Thanks for the comment. This is actually how we think. We simplified the Introduction to prevent potential confusion.

Insulation and contact domains can occur even when interactions are not strictly divergent at boundaries: insulation can occur in only one direction when CTCF sites are all in the same direction.

We agree. Our data are also very consistent to this statement. Moreover, we believe that the direct comparison of different CTCF configurations in our serial mutagenesis experiments could contribute to this understanding.

Such unidirectional insulation can demarcate contact domains.

We agree.

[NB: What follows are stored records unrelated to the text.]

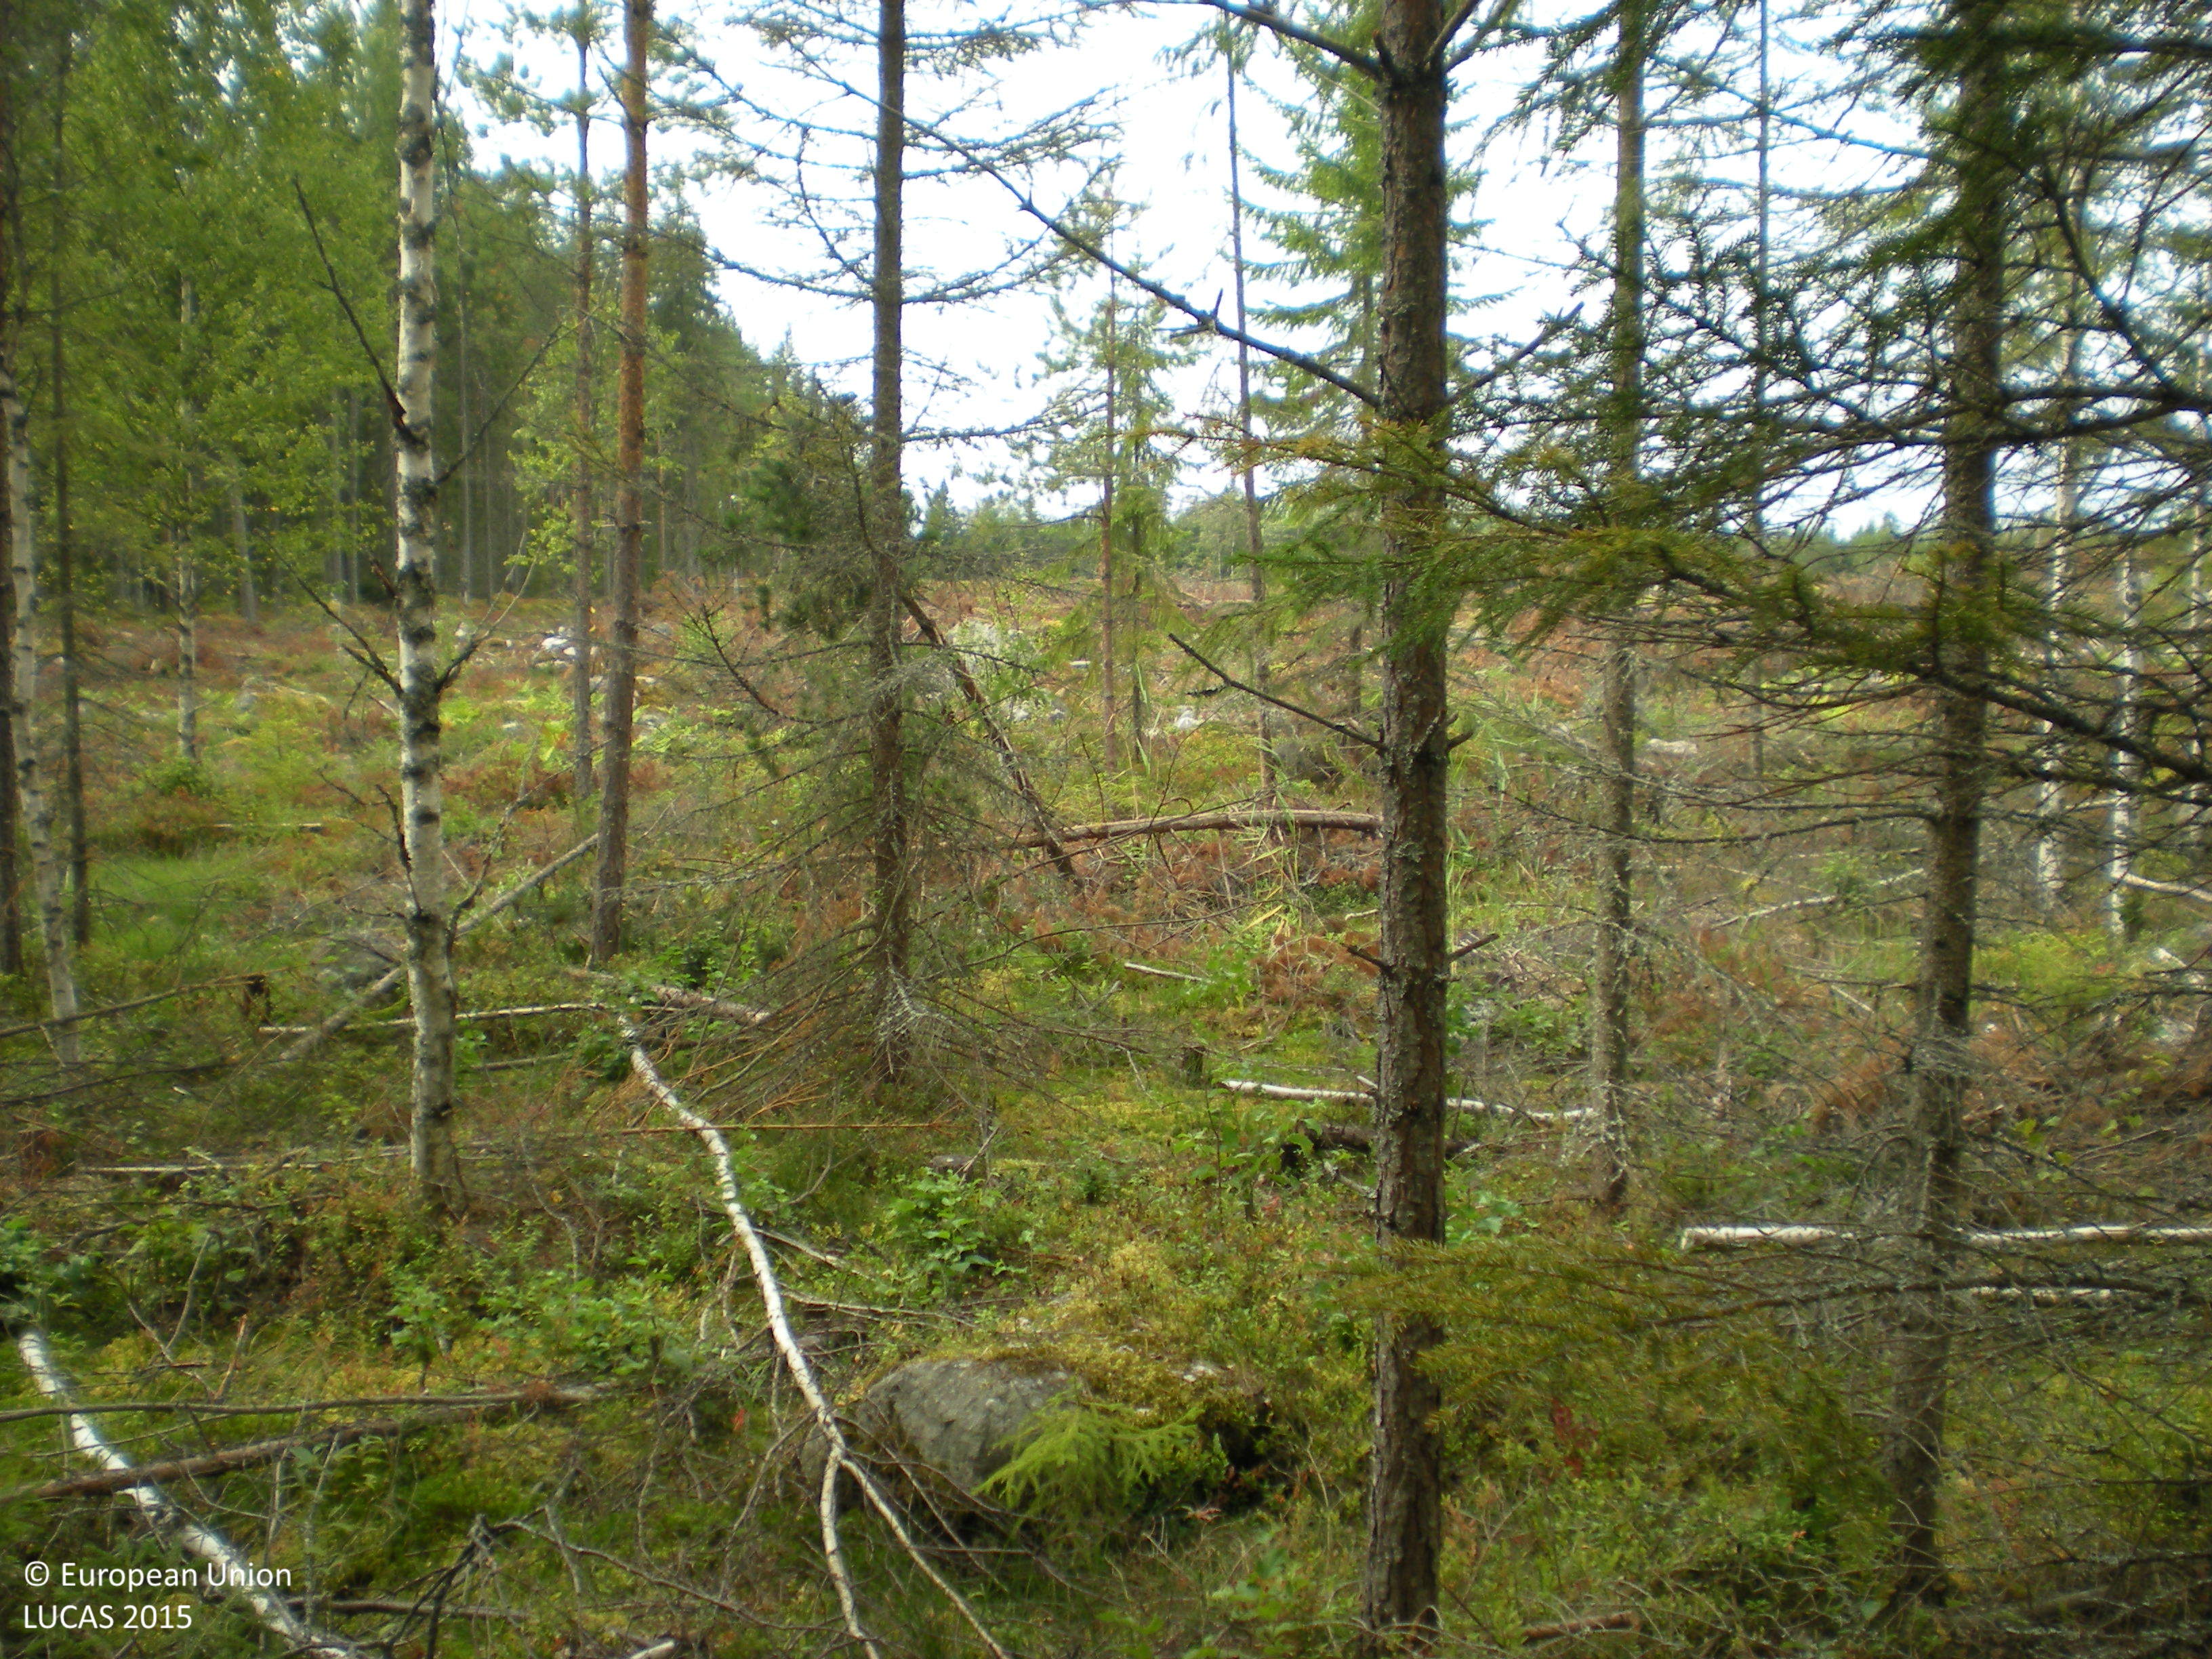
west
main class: Woodland
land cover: Other coniferous woodland
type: boreal forest
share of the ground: 50 - 75 %
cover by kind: coniferous forest trees 60 %, lichens and mosses 15 %, shrubs 10 %, broadleaved forest trees 5 %, herbaceous plants 5 %, consolidated bare surface 5 %
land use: Forestry
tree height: > 5 m
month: August
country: SE
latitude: 60.4419
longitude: 17.6790

This is for example described as exclusion domains by Sanborn et al., 2015. As far as we understand, however, emergence of such contact domains is not conclusively shown to be a prerequisite for the specification of enhancer allocation.

The authors are asked to consider these issues when revising the Introduction and Discussion section.

Thanks for the suggestions. Based on the above comments, we have tried to improve the Introduction and Discussion section.

4) All reviewers found the manuscript extremely difficult to read. Please do not use track changes. The manuscript should be carefully edited.

We have re-edited the manuscript carefully. This time, we upload the manuscript without the track changes.

5) All plasmids should be made available through AddGene.

Now all the three plasmids used in this study are already available through AddGene.